(Problem description) What is needed here is an exact repetition of the records below, beginning at the line that has "Sept 13 1847" and stopping after the line that has "The informal declaration".

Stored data
»»

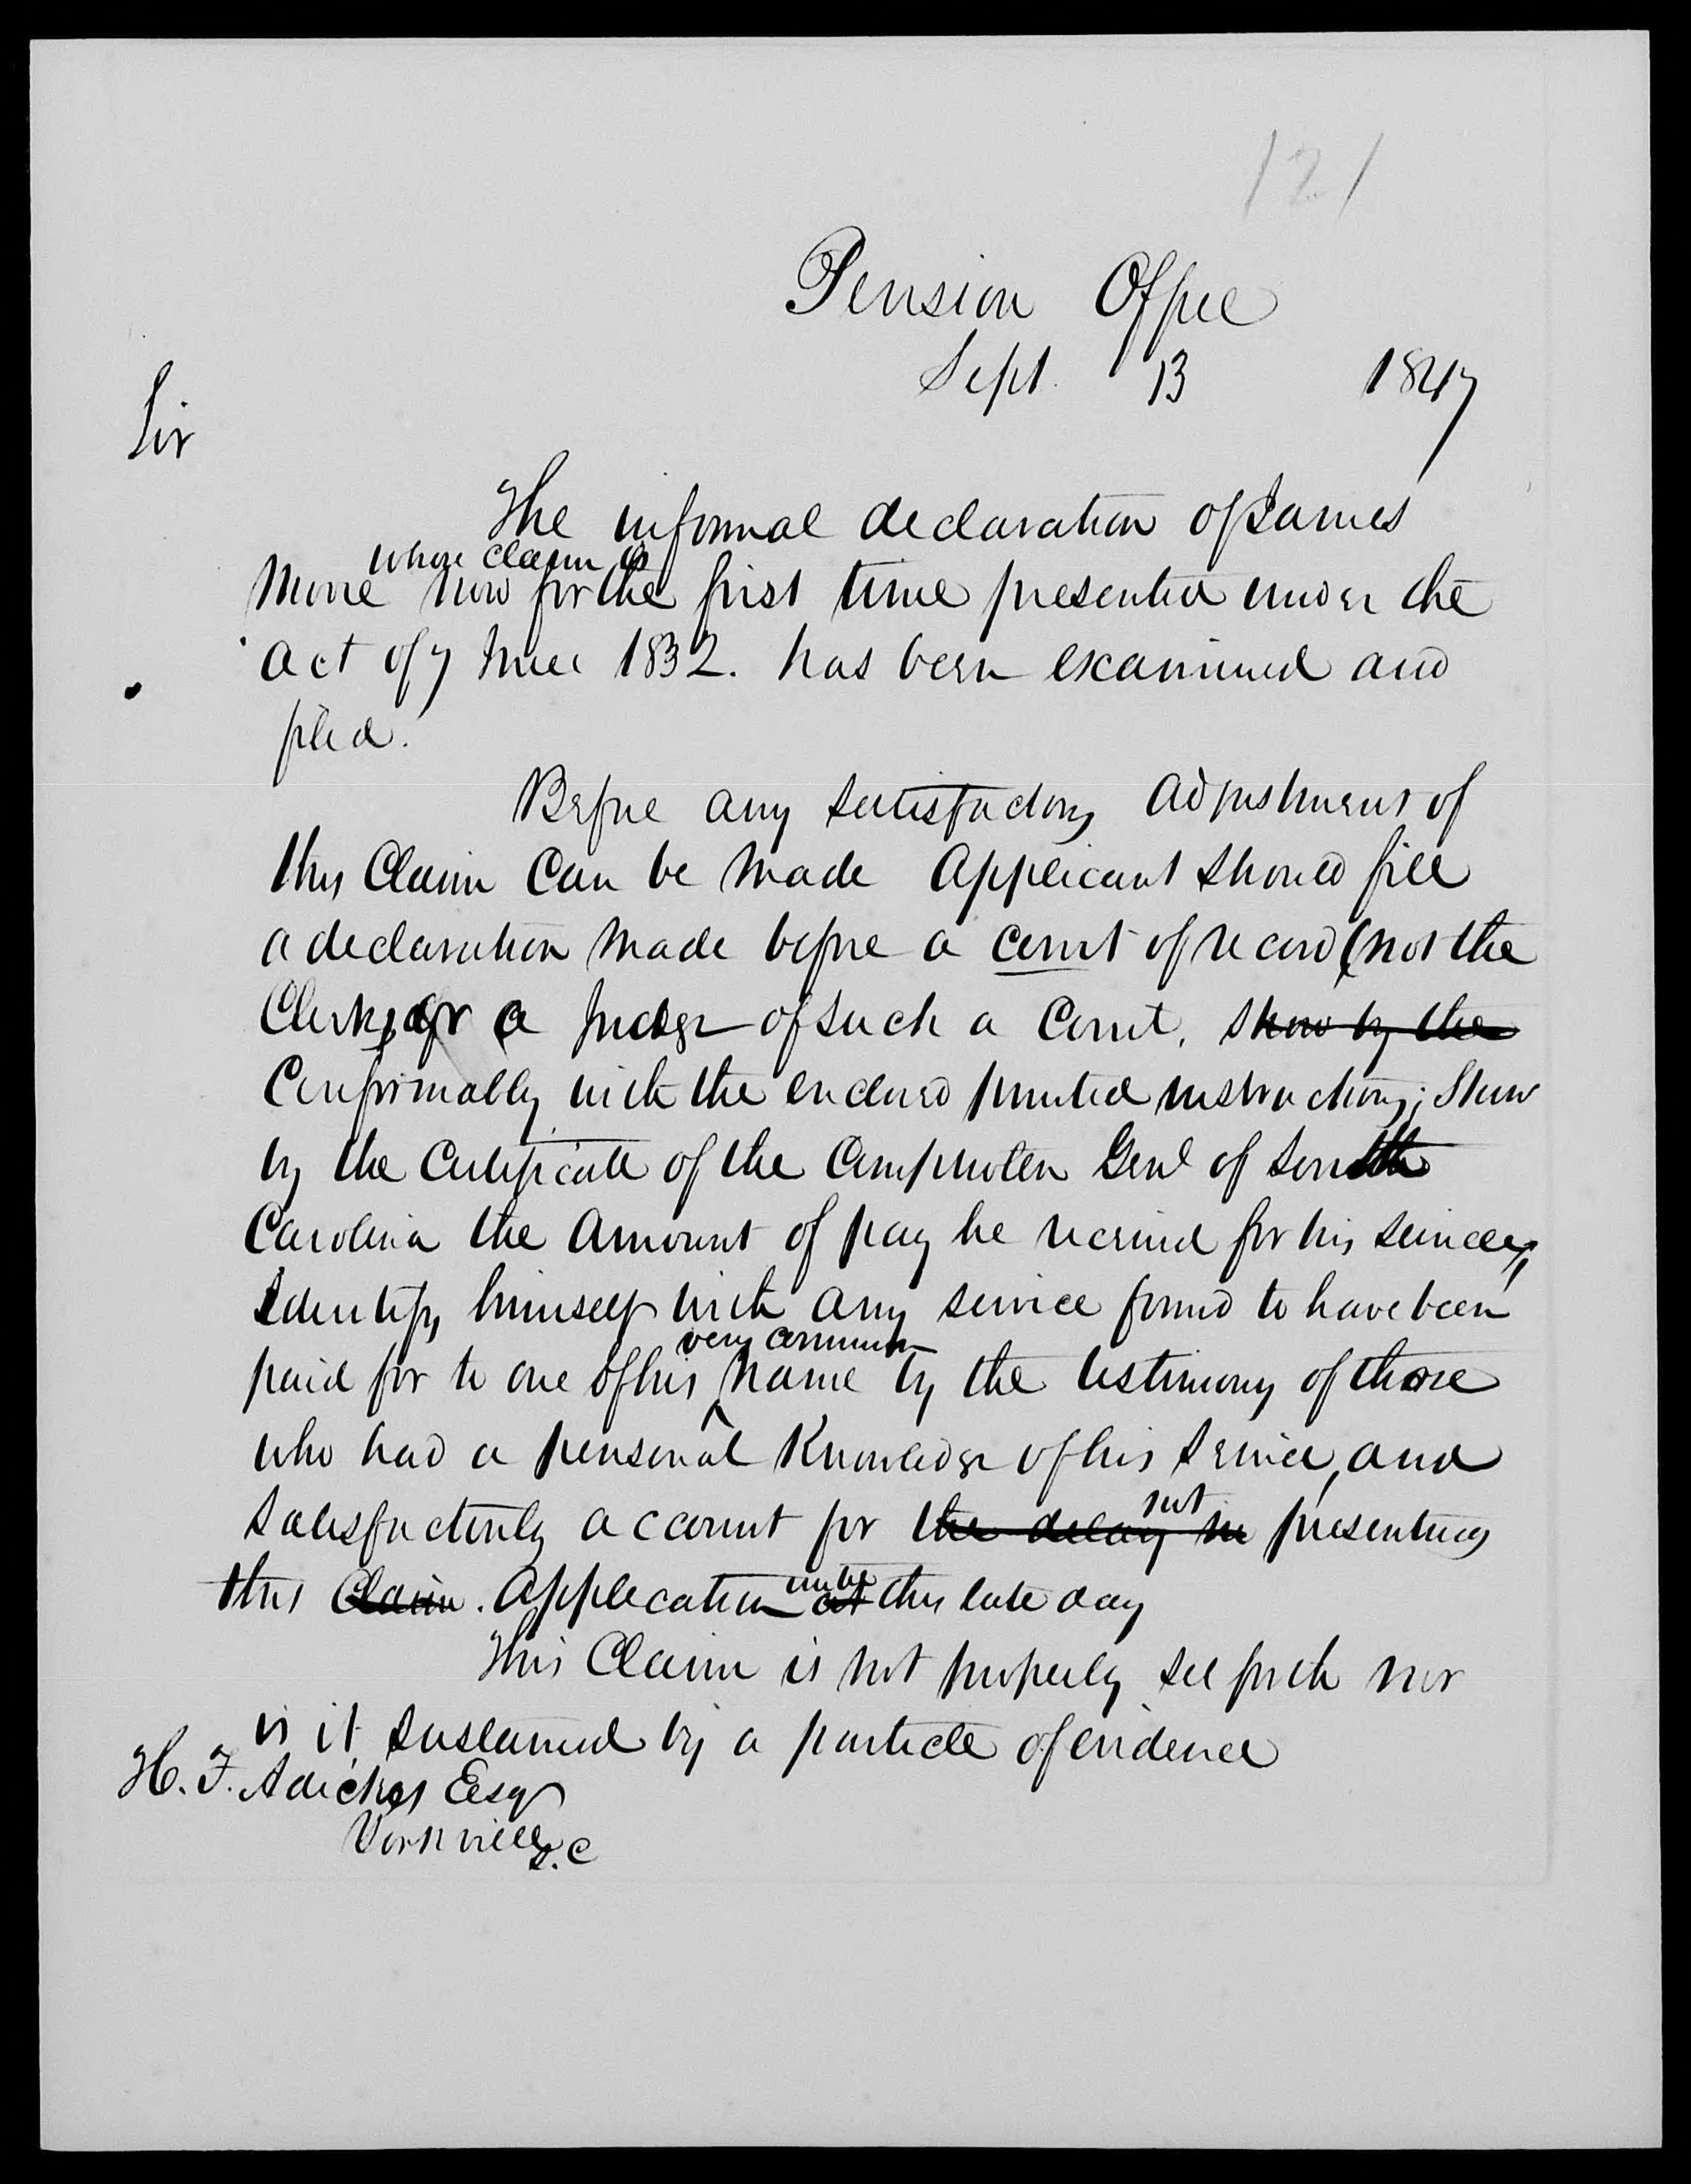121
Pension Office
Sept 13 1847
Sir
The informal declaration of James More whose claim is now for the first time presented under the act of 7 June 1832 has been examined and filed. 
Before any satisfactory adjustment of this claim can be made applicant should file a declaration made before a court of record (not the clerk or a judge of such a court [crossed out shew by the] conformally with the enclosed printed instructions; Shew by the certificate of the comptroller Genl of South Carolina the amount of pay he received for his service, identify himself with any service found to have been paid for to one of his very common name by the testimony of those who had a personal knowledge of his service and satisfactorly account for [crossed out the delayin] not presenting this [crossed out claim] application until this late day
This claim is not properly seepth nor is it sustained by a particle of evidence
HF Adickes Esq
Yorkville SC

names: James Moore; H F Adickes
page: 7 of 17
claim: rejected
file: R 7329, for James More, South Carolina

««

(Finished task)
Sept 13 1847
Sir
The informal declaration of James More whose claim is now for the first time presented under the act of 7 June 1832 has been examined and filed. 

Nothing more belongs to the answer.